Sampling method where you can be certain you get a random sample.

• We want a sample at $$t=0$$.
• Run two samples as far away from each other in sample space as possible, starting at $$t=-N$$.
• Use the same RNG for both samples.
• If the converge to the same state, then you know that all samples will converge.
• Thus, starting from $$t<-N$$ would not tell us anything more about the state.
• If they don’t converge, start again at $$t=-2N$$.
• Run the samples until $$t=0$$, and you have a random sample.

### Variational methods

#### Core idea

We’re interested in $$P(x) = \frac{1}{Z}P^*(x) = \frac{1}{Z}e^{-E(x)}$$, but we can’t sample from $$E(x)$$, only evaluate it.

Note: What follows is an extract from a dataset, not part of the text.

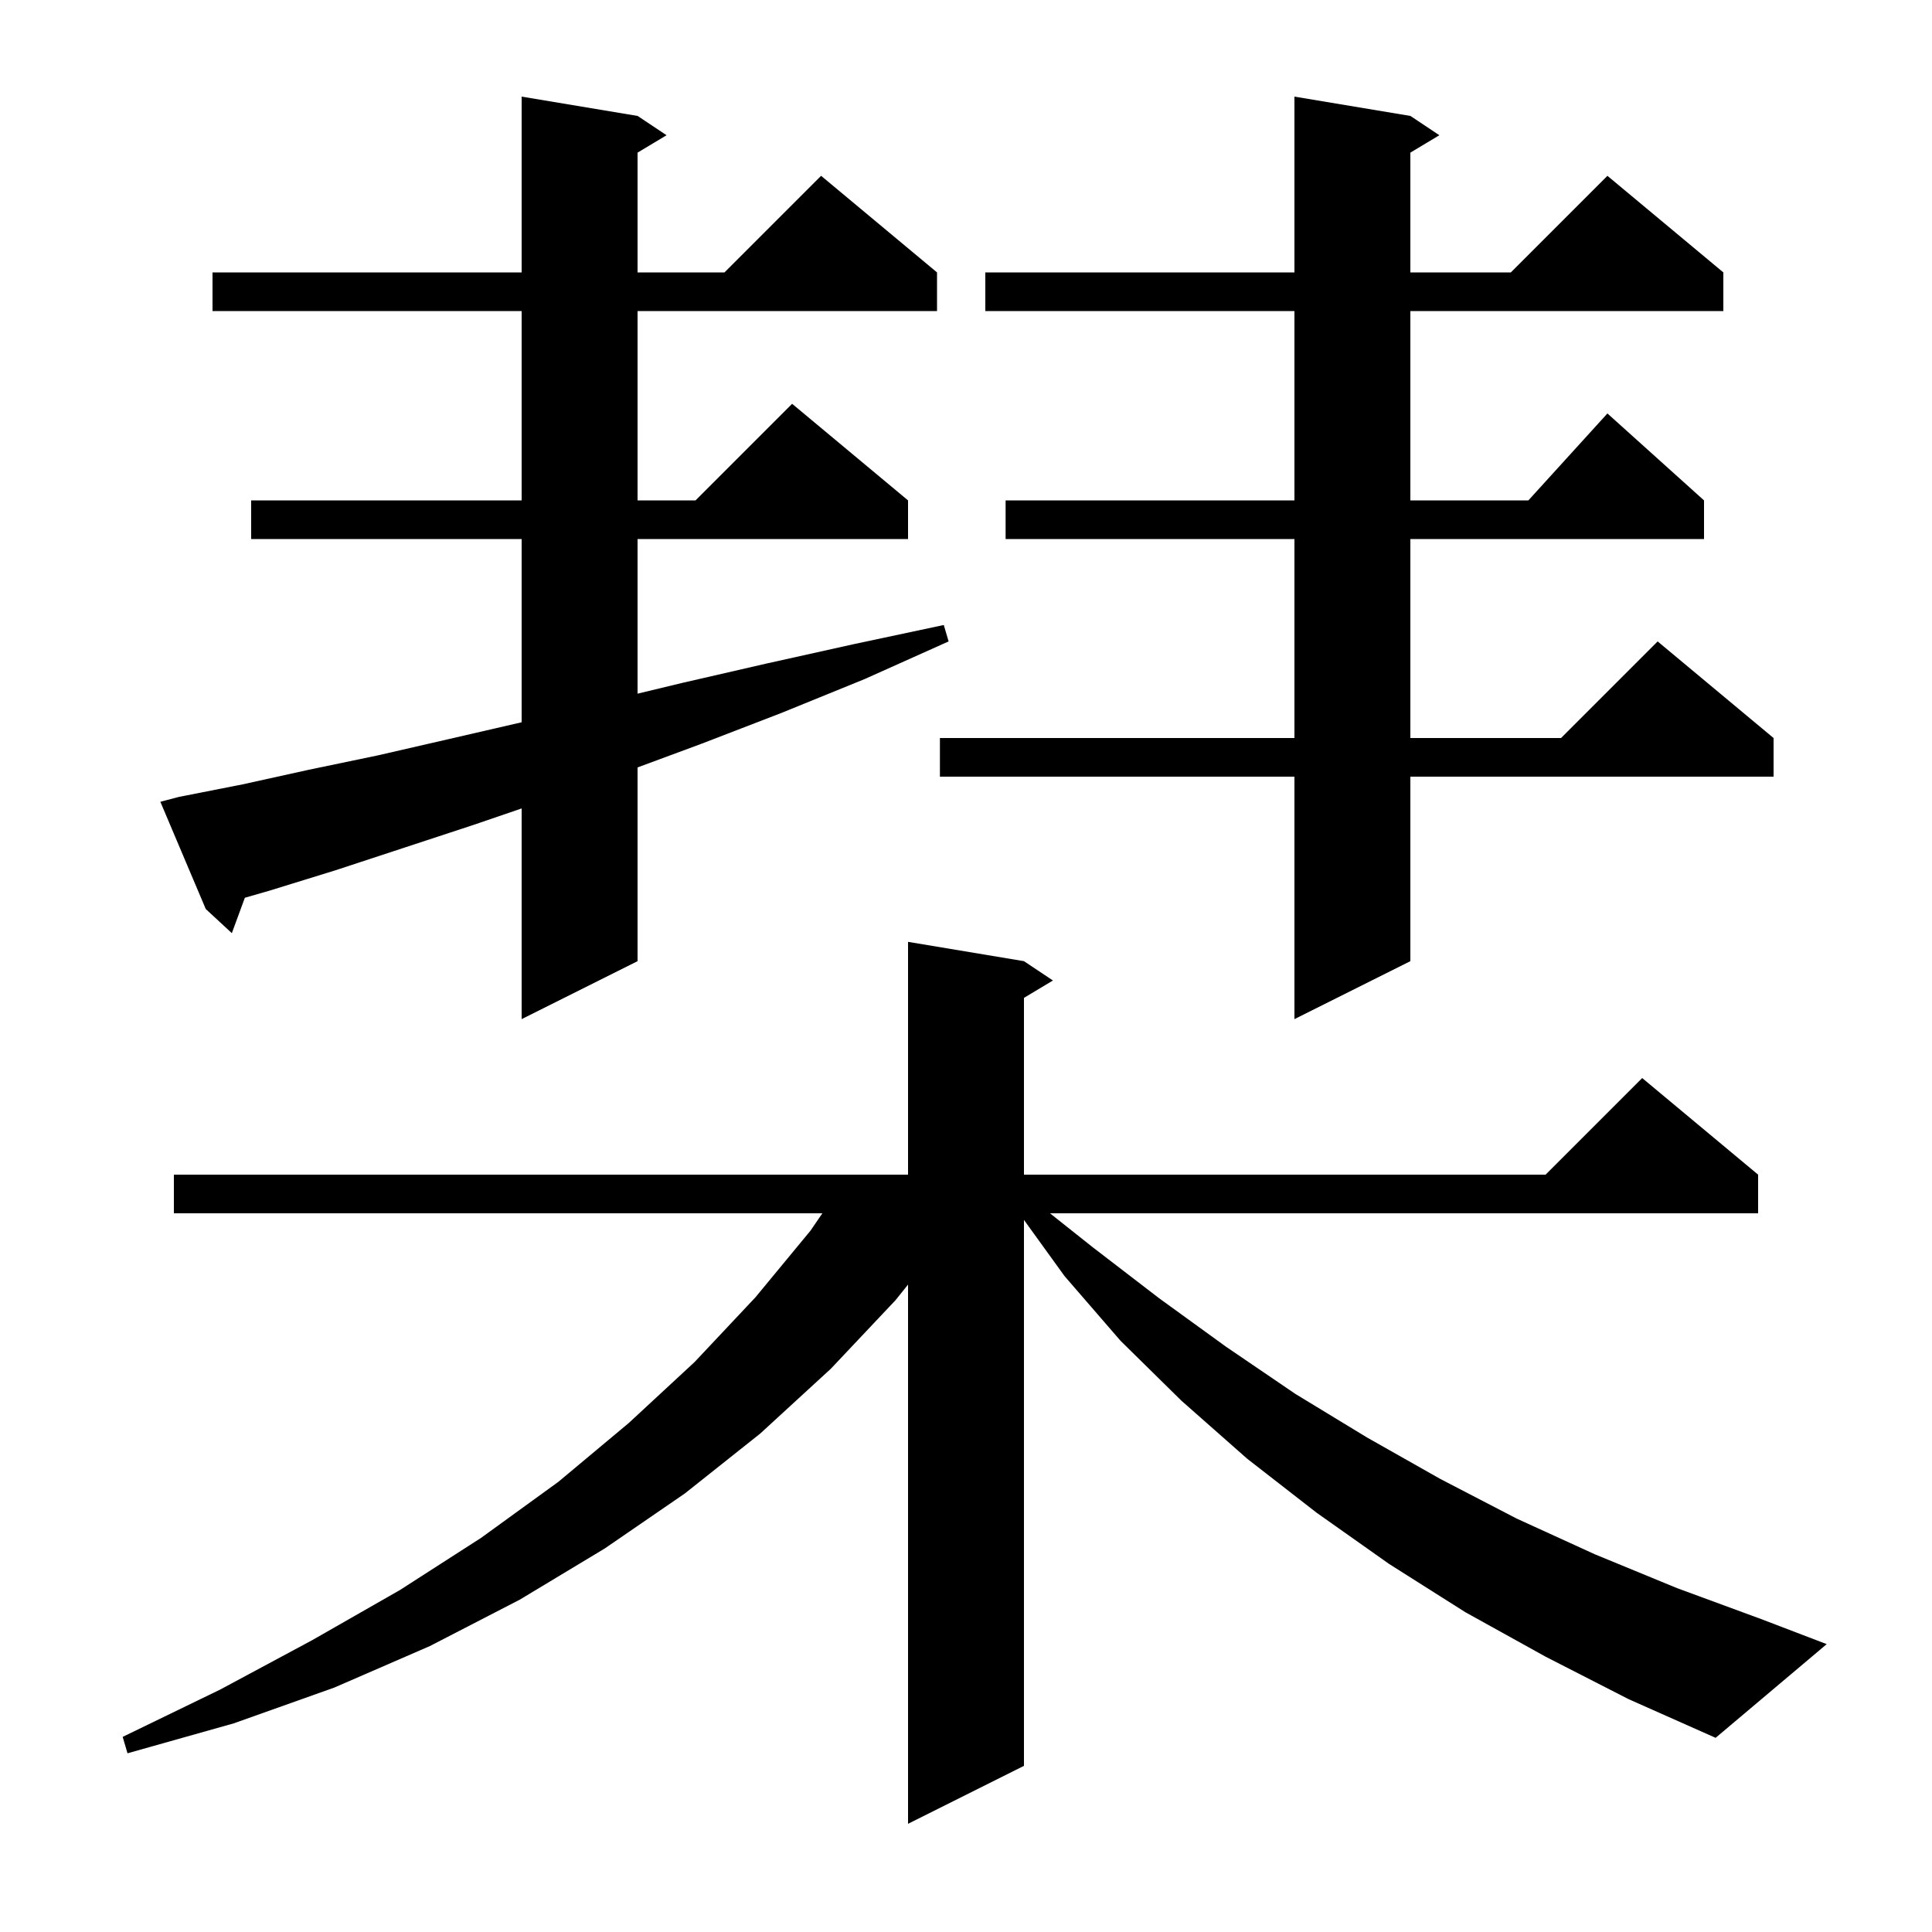 <svg xmlns="http://www.w3.org/2000/svg" xmlns:xlink="http://www.w3.org/1999/xlink" version="1.1" baseProfile="full" viewBox="0 0 200 200" width="200" height="200"><g fill="currentColor"><path d="M 160.0 171.5 L 151.7 166.9 L 143.8 161.9 L 136.3 156.6 L 129.1 151.0 L 122.3 145.0 L 116.0 138.8 L 110.2 132.1 L 106.0 126.285 L 106.0 182.8 L 94.0 188.8 L 94.0 132.98 L 92.7 134.6 L 86.0 141.7 L 78.7 148.4 L 70.9 154.6 L 62.6 160.3 L 53.8 165.6 L 44.5 170.4 L 34.6 174.7 L 24.2 178.4 L 13.2 181.5 L 12.7 179.8 L 22.8 174.9 L 32.3 169.8 L 41.4 164.6 L 49.8 159.2 L 57.8 153.4 L 65.1 147.3 L 71.9 141.0 L 78.2 134.3 L 83.9 127.4 L 85.132 125.6 L 18.0 125.6 L 18.0 121.6 L 94.0 121.6 L 94.0 97.5 L 106.0 99.5 L 109.0 101.5 L 106.0 103.3 L 106.0 121.6 L 160.0 121.6 L 170.0 111.6 L 182.0 121.6 L 182.0 125.6 L 108.693 125.6 L 113.1 129.1 L 120.0 134.4 L 126.9 139.4 L 134.1 144.3 L 141.5 148.8 L 149.1 153.1 L 157.0 157.2 L 165.1 160.9 L 173.6 164.4 L 182.3 167.6 L 189.1 170.2 L 177.6 179.9 L 168.6 175.9 Z M 18.5 82.5 L 25.1 81.2 L 31.9 79.7 L 39.1 78.2 L 46.5 76.5 L 54.0 74.769 L 54.0 55.8 L 26.0 55.8 L 26.0 51.8 L 54.0 51.8 L 54.0 32.2 L 22.0 32.2 L 22.0 28.2 L 54.0 28.2 L 54.0 10.0 L 66.0 12.0 L 69.0 14.0 L 66.0 15.8 L 66.0 28.2 L 75.0 28.2 L 85.0 18.2 L 97.0 28.2 L 97.0 32.2 L 66.0 32.2 L 66.0 51.8 L 72.0 51.8 L 82.0 41.8 L 94.0 51.8 L 94.0 55.8 L 66.0 55.8 L 66.0 71.808 L 70.6 70.7 L 79.3 68.7 L 88.3 66.7 L 97.7 64.7 L 98.2 66.4 L 89.5 70.3 L 80.9 73.8 L 72.6 77.0 L 66.0 79.444 L 66.0 99.5 L 54.0 105.5 L 54.0 83.689 L 49.0 85.4 L 41.7 87.8 L 34.7 90.1 L 27.9 92.2 L 25.347 92.935 L 24.0 96.6 L 21.3 94.1 L 16.6 83.0 Z M 146.0 12.0 L 149.0 14.0 L 146.0 15.8 L 146.0 28.2 L 156.4 28.2 L 166.4 18.2 L 178.4 28.2 L 178.4 32.2 L 146.0 32.2 L 146.0 51.8 L 158.218 51.8 L 166.4 42.8 L 176.4 51.8 L 176.4 55.8 L 146.0 55.8 L 146.0 76.4 L 161.6 76.4 L 171.6 66.4 L 183.6 76.4 L 183.6 80.4 L 146.0 80.4 L 146.0 99.5 L 134.0 105.5 L 134.0 80.4 L 97.3 80.4 L 97.3 76.4 L 134.0 76.4 L 134.0 55.8 L 104.1 55.8 L 104.1 51.8 L 134.0 51.8 L 134.0 32.2 L 102.0 32.2 L 102.0 28.2 L 134.0 28.2 L 134.0 10.0 Z "/></g></svg>

So we approximate $$P(x)$$ by a simpler distribution $$Q(x; \theta)$$ and adjust $$\theta$$ to get the best approximation.

#### KL divergence

$D_{KL}(Q || P) = \sum_x Q(x) \log \frac{Q(x)}{P(x)}$

##### Zero probabilities

$$D_{KL}(Q || P)$$ punishes when the approximate distribution puts mass where the true distribution is zero.

$$D_{KL}(P || Q)$$ punishes when the approximate distribution puts zero mass where the true distribution is non-zero.

##### Computability

$$D_{KL}(A || B)$$ performs an expectation over $$A$$. Since we can’t sample from $$P$$, we are effectively forced in to using $$D_{KL}(Q || P)$$.

#### Variational free energy

We want to compute $$D_{KL}(Q || P)$$. $$P(x)$$ is not computable, $$E(x)$$ is computable but not samplable. Thus we replace $$P$$ with $$E$$ and ignore the $$Z$$ term as it is constant and thus not optimizable. This becomes the variational free energy.

$D_{KL}(Q || P) \\ \sum_x [ Q(x) \log \frac{Q(x)}{P(x)} ] \\ \sum_x [ Q(x) (\log Q(x) - \log P(x)) ] \\ \sum_x [ Q(x) (\log Q(x) - \log (\frac{1}{Z} e^{-E(x)})) ] \\ \sum_x [ Q(x) (\log Q(x) - \log \frac{1}{Z} - \log e^{-E(x)}) ] \\ \sum_x [ Q(x) (\log Q(x) - \log \frac{1}{Z} + E(x)) ] \\ \sum_x [ Q(x) E(x) + Q(x) \log Q(x) - Q(x) \log \frac{1}{Z} ] \\ \sum_x [ Q(x) E(x) + Q(x) \log Q(x) ] + \log Z \\ \sum_x [ Q(x) E(x) ] + \sum_x [ Q(x) \log Q(x) ] + \log Z \\ \sum_x [ Q(x) E(x) ] - H_Q(x) + \log Z \\ \sum_x [ Q(x) E(x) ] - H_Q(x) \\$

## Lectures 15-16: Data Modelling With Neural Networks

### Capacity of a single neuron

Two bits. A neuron with $$k$$ inputs can memorize $$2k$$ random inputs.

### Effect of in/bias/out stds

• Input parameters: Higher has more curves, shorter time scales.
• Bias parameters: Higher has more curves, same time scales.
• Output parameters: Higher has large magnitude outputs.

### Effect of regularization weight

If your cost function has a regularising term $$\alpha L_2$$, then this is equivalent to having a prior on your weights being drawn from $$\mathcal{N}(0, \frac{1}{\alpha})$$.